Juru bicara Brigade ke-47 sendiri hingga saat ini masih tidak menanggapi komentar para pakar, Kementerian Pertahanan Ukraina juga menolak membahas masalah tersebut. Namun, ada beberapa pejabat militer Ukraina yang mengakui bahwa mereka sangat kesulitan dengan hadirnya drone, mereka mengatakan bahwa pasukan Ukraina pernah sesekali menggunakan rudal permukaan-ke-udara canggih dan sistem pertahanan udaranya hanya untuk melawan FPV, padahal senjata ini biasanya hanya digunakan untuk melawan pesawat dan helikopter.
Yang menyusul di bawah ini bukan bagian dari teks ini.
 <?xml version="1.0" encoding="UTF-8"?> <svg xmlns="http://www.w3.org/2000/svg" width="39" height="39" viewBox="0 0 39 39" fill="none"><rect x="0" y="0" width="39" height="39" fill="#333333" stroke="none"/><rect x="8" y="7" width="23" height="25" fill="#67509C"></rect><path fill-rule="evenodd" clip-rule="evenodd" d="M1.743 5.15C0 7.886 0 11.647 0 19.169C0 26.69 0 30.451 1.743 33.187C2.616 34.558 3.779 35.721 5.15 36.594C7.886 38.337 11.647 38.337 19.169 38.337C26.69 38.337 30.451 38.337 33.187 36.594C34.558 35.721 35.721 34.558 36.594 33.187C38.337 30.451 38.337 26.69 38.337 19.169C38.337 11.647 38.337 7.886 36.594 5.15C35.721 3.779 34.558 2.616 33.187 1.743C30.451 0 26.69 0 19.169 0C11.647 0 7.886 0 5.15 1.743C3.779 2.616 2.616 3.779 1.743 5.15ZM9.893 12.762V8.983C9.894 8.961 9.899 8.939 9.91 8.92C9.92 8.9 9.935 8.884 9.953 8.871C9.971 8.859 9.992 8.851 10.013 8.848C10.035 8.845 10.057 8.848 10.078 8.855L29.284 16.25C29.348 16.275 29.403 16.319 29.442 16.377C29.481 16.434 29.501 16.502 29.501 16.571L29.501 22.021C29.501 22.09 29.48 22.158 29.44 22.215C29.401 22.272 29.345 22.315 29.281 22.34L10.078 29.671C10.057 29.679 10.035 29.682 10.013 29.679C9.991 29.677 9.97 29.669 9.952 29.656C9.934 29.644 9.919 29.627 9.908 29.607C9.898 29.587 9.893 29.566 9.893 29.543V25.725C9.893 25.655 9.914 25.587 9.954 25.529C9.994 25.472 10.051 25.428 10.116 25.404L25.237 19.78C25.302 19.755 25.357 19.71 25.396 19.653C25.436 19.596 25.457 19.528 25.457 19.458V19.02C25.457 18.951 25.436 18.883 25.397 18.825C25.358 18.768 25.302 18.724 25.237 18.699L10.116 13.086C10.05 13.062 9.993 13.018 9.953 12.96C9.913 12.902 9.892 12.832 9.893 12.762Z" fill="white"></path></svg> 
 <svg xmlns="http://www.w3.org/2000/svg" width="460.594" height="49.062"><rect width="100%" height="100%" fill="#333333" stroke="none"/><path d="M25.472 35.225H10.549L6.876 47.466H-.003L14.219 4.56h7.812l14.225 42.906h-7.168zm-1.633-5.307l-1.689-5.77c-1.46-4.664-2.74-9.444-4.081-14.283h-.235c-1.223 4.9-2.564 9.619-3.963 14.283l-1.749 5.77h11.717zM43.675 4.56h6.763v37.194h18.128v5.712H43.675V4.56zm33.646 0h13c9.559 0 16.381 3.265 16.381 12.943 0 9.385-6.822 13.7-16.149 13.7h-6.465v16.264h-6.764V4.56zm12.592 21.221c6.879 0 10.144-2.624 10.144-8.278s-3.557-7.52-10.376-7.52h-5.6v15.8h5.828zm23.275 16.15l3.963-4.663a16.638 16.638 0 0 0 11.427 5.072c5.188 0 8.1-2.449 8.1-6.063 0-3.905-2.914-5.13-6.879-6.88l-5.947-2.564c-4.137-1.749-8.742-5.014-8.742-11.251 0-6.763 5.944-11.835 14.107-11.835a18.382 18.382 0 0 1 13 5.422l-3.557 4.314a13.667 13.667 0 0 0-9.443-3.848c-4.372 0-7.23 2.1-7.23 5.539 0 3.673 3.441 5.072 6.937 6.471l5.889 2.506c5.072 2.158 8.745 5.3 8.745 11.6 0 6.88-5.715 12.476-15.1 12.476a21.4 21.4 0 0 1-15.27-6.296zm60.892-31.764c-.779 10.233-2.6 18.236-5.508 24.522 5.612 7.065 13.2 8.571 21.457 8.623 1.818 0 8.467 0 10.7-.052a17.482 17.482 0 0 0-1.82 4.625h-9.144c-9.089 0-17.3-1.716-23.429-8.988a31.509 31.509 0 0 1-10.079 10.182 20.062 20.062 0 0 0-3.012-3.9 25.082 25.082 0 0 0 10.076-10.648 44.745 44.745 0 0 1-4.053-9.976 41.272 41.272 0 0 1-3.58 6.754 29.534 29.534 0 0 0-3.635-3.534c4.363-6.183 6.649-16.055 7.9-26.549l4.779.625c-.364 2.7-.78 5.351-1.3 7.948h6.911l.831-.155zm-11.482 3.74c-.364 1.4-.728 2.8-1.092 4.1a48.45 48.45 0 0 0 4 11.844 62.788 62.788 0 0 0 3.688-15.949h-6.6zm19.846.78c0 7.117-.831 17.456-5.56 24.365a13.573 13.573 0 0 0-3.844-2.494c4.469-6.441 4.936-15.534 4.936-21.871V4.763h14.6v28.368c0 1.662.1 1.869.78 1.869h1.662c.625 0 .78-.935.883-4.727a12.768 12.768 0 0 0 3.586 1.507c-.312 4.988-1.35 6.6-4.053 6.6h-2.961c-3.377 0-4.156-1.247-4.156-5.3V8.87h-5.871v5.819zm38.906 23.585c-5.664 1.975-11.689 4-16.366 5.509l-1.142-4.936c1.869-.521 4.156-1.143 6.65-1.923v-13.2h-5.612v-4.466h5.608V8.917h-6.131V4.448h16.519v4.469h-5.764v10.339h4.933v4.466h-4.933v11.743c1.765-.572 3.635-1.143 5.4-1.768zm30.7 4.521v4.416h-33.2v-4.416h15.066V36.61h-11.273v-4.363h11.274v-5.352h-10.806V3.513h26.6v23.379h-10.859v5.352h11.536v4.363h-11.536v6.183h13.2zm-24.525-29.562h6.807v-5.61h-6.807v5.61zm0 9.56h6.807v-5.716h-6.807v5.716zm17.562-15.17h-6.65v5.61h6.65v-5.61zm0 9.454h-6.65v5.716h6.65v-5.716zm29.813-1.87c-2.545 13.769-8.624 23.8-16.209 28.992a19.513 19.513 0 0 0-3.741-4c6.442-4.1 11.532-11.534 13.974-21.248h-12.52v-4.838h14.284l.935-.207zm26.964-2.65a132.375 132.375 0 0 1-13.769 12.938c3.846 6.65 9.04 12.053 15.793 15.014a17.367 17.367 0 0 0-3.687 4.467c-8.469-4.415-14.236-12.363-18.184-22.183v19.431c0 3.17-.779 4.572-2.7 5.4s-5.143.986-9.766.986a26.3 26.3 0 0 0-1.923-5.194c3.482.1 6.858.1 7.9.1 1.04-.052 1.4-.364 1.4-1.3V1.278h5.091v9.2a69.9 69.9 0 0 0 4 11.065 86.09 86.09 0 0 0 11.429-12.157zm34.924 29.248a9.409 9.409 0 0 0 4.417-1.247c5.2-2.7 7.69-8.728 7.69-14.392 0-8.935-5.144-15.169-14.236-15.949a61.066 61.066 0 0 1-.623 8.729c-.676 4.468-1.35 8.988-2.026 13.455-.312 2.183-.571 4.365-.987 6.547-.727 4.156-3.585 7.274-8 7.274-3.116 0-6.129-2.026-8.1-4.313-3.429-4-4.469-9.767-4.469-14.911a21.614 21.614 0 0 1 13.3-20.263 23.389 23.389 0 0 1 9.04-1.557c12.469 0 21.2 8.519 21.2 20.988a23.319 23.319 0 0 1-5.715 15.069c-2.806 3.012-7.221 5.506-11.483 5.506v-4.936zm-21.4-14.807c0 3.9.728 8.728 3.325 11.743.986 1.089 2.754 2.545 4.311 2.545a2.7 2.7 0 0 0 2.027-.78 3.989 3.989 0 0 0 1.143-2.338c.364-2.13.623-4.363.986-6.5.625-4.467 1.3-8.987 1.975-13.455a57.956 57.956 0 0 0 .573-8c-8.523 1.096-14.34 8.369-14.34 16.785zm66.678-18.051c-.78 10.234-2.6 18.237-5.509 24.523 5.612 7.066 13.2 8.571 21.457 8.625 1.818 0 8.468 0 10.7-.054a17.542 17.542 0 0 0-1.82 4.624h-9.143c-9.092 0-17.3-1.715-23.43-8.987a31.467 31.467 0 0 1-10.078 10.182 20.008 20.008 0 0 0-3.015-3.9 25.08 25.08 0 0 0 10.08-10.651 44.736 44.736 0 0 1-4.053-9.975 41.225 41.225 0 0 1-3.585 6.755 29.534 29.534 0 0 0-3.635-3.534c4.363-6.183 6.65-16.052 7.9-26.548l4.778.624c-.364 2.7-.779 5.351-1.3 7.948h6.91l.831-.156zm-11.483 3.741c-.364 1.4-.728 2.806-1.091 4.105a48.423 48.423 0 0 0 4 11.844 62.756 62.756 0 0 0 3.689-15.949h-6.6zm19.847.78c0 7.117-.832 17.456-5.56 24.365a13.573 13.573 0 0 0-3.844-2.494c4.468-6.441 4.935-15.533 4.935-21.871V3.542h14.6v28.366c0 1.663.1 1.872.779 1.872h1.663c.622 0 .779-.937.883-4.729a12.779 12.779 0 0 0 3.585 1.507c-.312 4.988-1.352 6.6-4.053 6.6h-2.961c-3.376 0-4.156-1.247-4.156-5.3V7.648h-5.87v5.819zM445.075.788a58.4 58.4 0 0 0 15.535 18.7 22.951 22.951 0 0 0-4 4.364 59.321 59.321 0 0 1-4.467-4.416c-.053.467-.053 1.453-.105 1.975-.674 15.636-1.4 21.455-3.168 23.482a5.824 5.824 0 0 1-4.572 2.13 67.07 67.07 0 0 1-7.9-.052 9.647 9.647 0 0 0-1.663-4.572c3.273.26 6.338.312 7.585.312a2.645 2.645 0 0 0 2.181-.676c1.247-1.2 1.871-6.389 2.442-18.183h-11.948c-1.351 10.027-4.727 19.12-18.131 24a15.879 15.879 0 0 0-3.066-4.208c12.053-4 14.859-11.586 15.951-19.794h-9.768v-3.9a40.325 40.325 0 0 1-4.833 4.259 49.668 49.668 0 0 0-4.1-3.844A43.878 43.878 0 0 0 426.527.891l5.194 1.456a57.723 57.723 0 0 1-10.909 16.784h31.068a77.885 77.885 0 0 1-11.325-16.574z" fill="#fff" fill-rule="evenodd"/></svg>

Ini kemudian membuat beberapa ahli meragukan efektivitasnya, karena faktanya drone terlalu kecil dan cepat untuk dapat dideteksi oleh radar.

Teror drone ini kemudian telah memaksa beberapa militer di seluruh dunia menguji sinar laser yang dapat menghancurkan drone saat terjadi serangan, Senjata energi terarah seperti itu kemungkinan besar akan lebih murah dan dapat diproduksi dalam jumlah yang lebih besar dibandingkan jenis amunisi pertahanan udara lainnya dan akan mampu menyerang sasaran kecil seperti FPV. Namun itu tentu membutuhkan waktu, kata van Weel dalam sebuah wawancara pada hari Jumat.

Jadi, apakah tank sudah ketinggalan jaman?

Kolonel Reisner mengatakan para insinyur militer telah berhasil mencari cara baru untuk menghancurkan tank sejak digunakan di medan perang, namun ia yakin bahwa FPV tetap tidak akan mempengaruhi penggunaan Abrams dan tank modern lainnya di Ukraina.

“Jika Anda ingin merebut suatu wilayah, Anda tetap memerlukan tank,” kata Kolonel Reisner. Namun disatu sisi ia juga menambahkan bahwa drone FPV adalah elemen kunci di masa depan.

Dalam pertempuran darat dimasa depan, drone FPV akan menjadi kekuatan utama untuk melawan kendaraan tempur darat tak berawak, kata Kolonel Reisner, seraya menambahkan: “Mereka akan bertarung satu sama lain, seperti di film ‘Terminator’.”